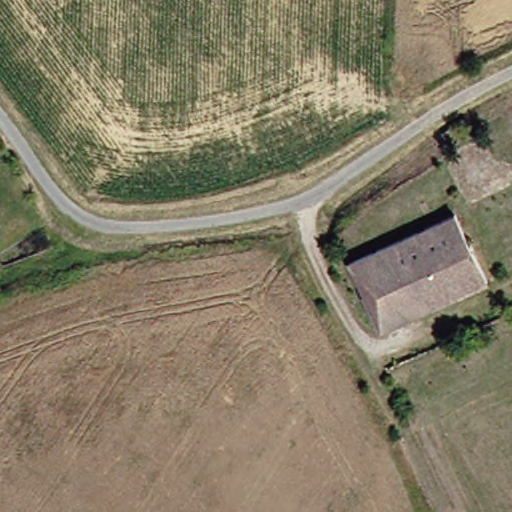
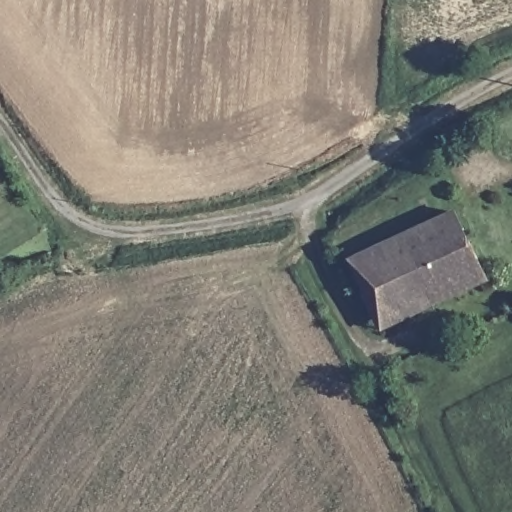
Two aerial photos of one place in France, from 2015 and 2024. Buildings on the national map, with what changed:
unchanged [(480,141),(470,147),(465,138),(478,134),(480,141)]
unchanged [(371,254),(445,216),(476,291),(400,324),(371,254)]
unchanged [(370,337),(340,267),(371,254),(400,324),(370,337)]

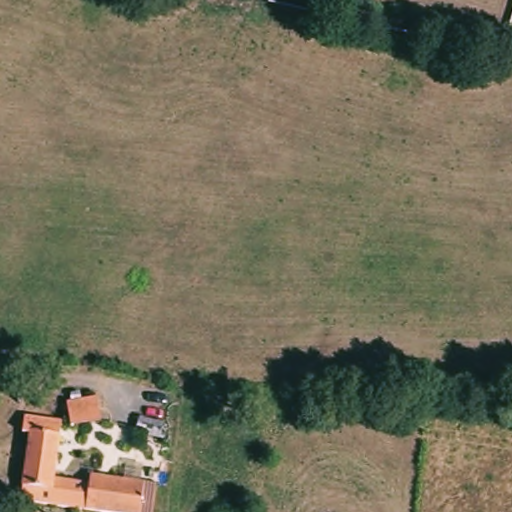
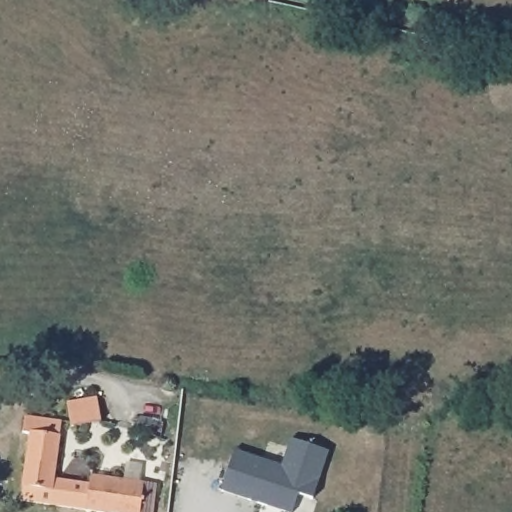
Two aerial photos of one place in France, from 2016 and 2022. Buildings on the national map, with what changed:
unchanged [(512,42),(512,55),(503,53),(506,40),(512,42)]
unchanged [(99,400),(98,421),(69,421),(70,399),(99,400)]
unchanged [(24,433),(26,416),(61,422),(54,479),(51,507),(20,502),(30,434),(24,433)]
new [(234,451),(282,466),(291,439),(330,452),(313,500),(298,495),(292,512),(284,512),(221,490),(234,451)]
unchanged [(54,479),(92,485),(93,477),(144,484),(158,486),(154,512),(92,512),(88,512),(51,507),(54,479)]

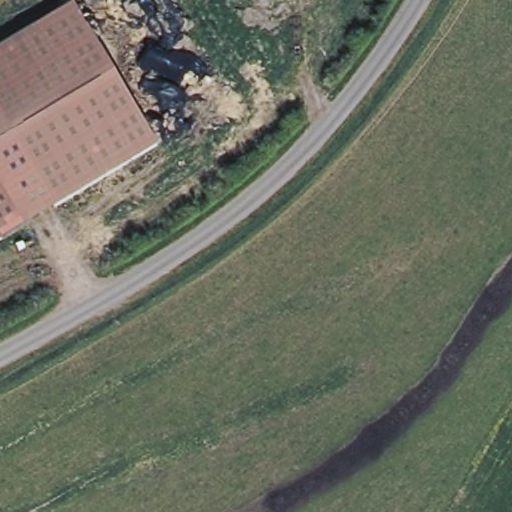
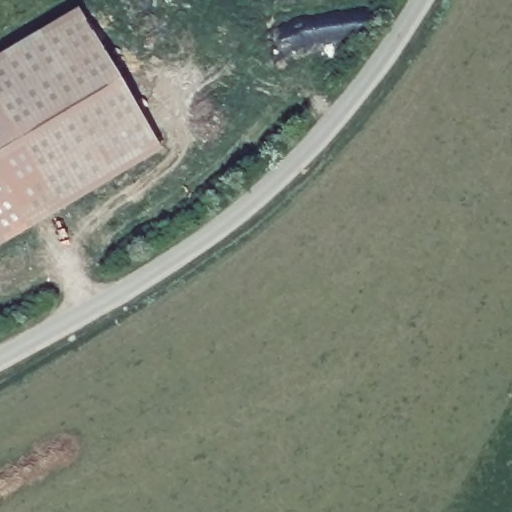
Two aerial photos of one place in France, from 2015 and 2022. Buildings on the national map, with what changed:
unchanged [(164,150),(35,227),(0,169),(0,59),(80,11),(164,150)]
unchanged [(0,248),(0,169),(35,227),(0,248)]

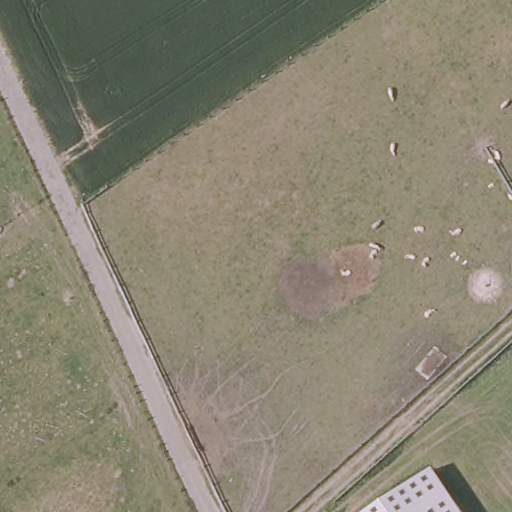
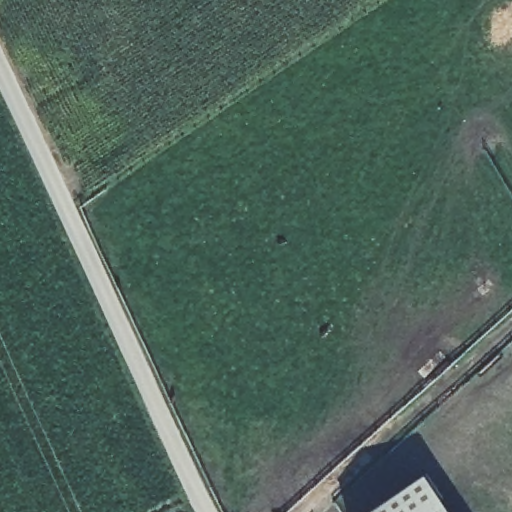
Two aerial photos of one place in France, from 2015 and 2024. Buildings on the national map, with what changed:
unchanged [(367,512),(427,473),(453,512),(367,512)]

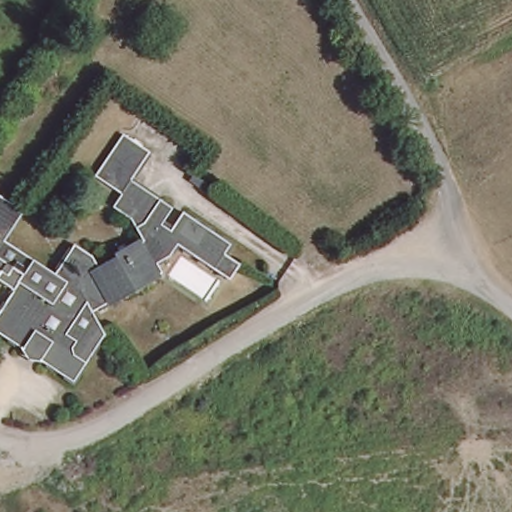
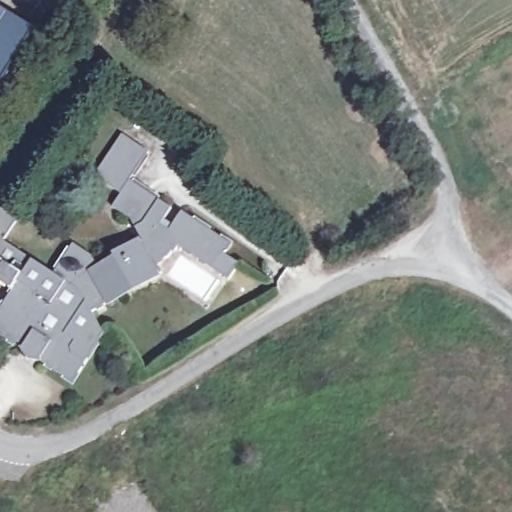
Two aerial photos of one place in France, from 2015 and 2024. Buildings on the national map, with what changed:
new [(0,8),(36,31),(0,88),(0,8)]
unchanged [(0,339),(0,315),(12,296),(0,288),(0,201),(23,216),(3,245),(54,278),(73,249),(92,262),(96,270),(114,261),(112,257),(138,243),(140,247),(143,245),(132,224),(112,211),(120,198),(94,181),(122,137),(149,155),(129,185),(171,212),(160,229),(170,235),(181,217),(229,248),(222,259),(237,269),(228,283),(177,249),(169,261),(156,267),(161,277),(140,288),(124,297),(91,316),(102,339),(71,386),(39,365),(27,365),(21,353),(0,339)]
unchanged [(192,173),(211,186),(206,193),(187,180),(192,173)]

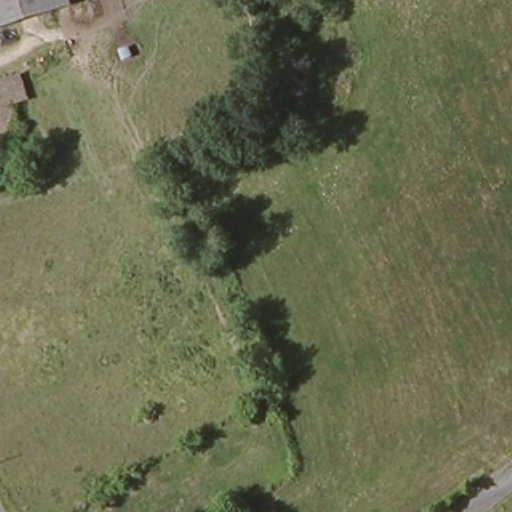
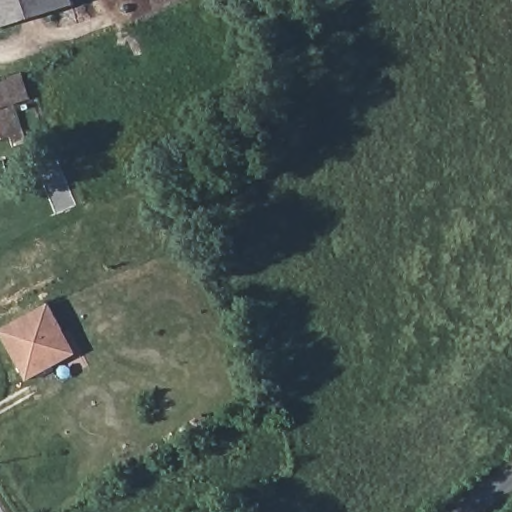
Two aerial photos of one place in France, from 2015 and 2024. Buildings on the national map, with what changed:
unchanged [(69,0),(71,6),(0,29),(0,0),(69,0)]
unchanged [(0,139),(0,80),(15,77),(28,75),(34,99),(20,103),(29,147),(19,150),(15,136),(0,139)]
new [(28,382),(0,331),(0,329),(50,303),(77,354),(28,382)]

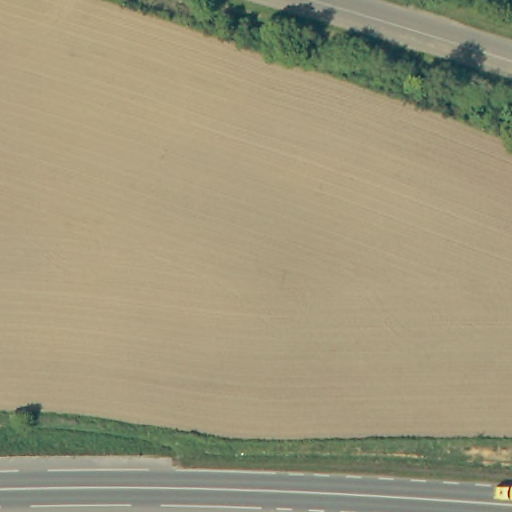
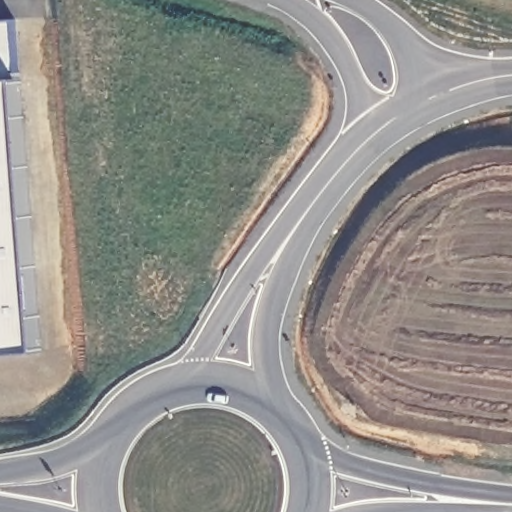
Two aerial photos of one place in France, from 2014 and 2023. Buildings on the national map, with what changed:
new [(14,20),(16,79),(37,352),(0,355),(0,21),(14,20)]

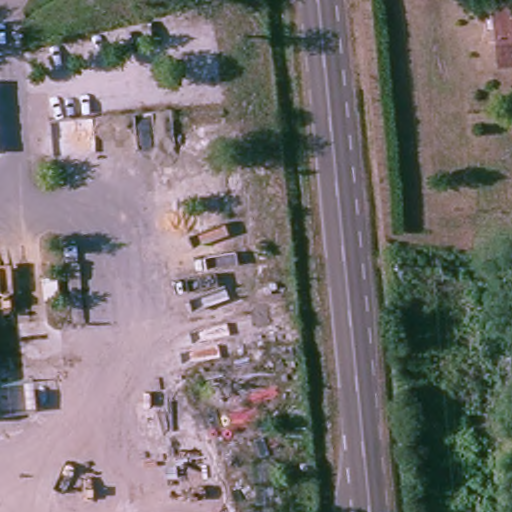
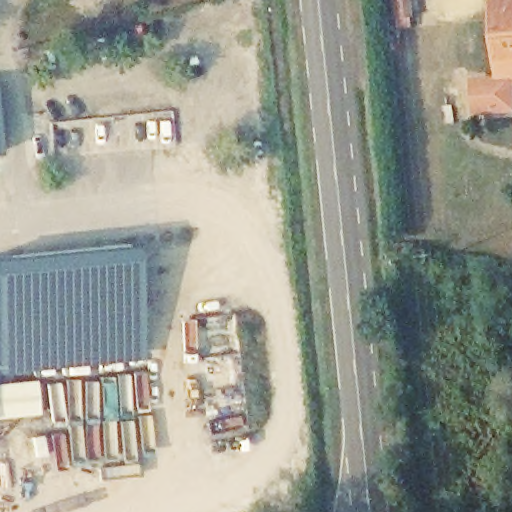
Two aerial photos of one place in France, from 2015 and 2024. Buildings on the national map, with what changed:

····················

YOUR OBJECTIVE:
Please reproduce the records above exactly and leave any picture behind.

ANSWER BOX:
Two aerial photos of one place in France, from 2015 and 2024. Buildings on the national map, with what changed:
unchanged [(480,141),(470,147),(465,138),(478,134),(480,141)]
unchanged [(371,254),(445,216),(476,291),(400,324),(371,254)]
unchanged [(370,337),(340,267),(371,254),(400,324),(370,337)]

Two aerial photos of one place in France, from 2016 and 2022. Buildings on the national map, with what changed:
unchanged [(512,42),(512,55),(503,53),(506,40),(512,42)]
unchanged [(99,400),(98,421),(69,421),(70,399),(99,400)]
unchanged [(24,433),(26,416),(61,422),(54,479),(51,507),(20,502),(30,434),(24,433)]
new [(234,451),(282,466),(291,439),(330,452),(313,500),(298,495),(292,512),(284,512),(221,490),(234,451)]
unchanged [(54,479),(92,485),(93,477),(144,484),(158,486),(154,512),(92,512),(88,512),(51,507),(54,479)]

Two aerial photos of one place in France, from 2015 and 2022. Buildings on the national map, with what changed:
unchanged [(164,150),(35,227),(0,169),(0,59),(80,11),(164,150)]
unchanged [(0,248),(0,169),(35,227),(0,248)]

Two aerial photos of one place in France, from 2015 and 2024. Buildings on the national map, with what changed:
unchanged [(367,512),(427,473),(453,512),(367,512)]

Two aerial photos of one place in France, from 2015 and 2024. Buildings on the national map, with what changed:
new [(0,8),(36,31),(0,88),(0,8)]
unchanged [(0,339),(0,315),(12,296),(0,288),(0,201),(23,216),(3,245),(54,278),(73,249),(92,262),(96,270),(114,261),(112,257),(138,243),(140,247),(143,245),(132,224),(112,211),(120,198),(94,181),(122,137),(149,155),(129,185),(171,212),(160,229),(170,235),(181,217),(229,248),(222,259),(237,269),(228,283),(177,249),(169,261),(156,267),(161,277),(140,288),(124,297),(91,316),(102,339),(71,386),(39,365),(27,365),(21,353),(0,339)]
unchanged [(192,173),(211,186),(206,193),(187,180),(192,173)]

Two aerial photos of one place in France, from 2015 and 2024. Buildings on the national map, with what changed:
unchanged [(69,0),(71,6),(0,29),(0,0),(69,0)]
unchanged [(0,139),(0,80),(15,77),(28,75),(34,99),(20,103),(29,147),(19,150),(15,136),(0,139)]
new [(28,382),(0,331),(0,329),(50,303),(77,354),(28,382)]

Two aerial photos of one place in France, from 2014 and 2023. Buildings on the national map, with what changed:
new [(14,20),(16,79),(37,352),(0,355),(0,21),(14,20)]

Two aerial photos of one place in France, from 2015 and 2024. Buildings on the national map, with what changed:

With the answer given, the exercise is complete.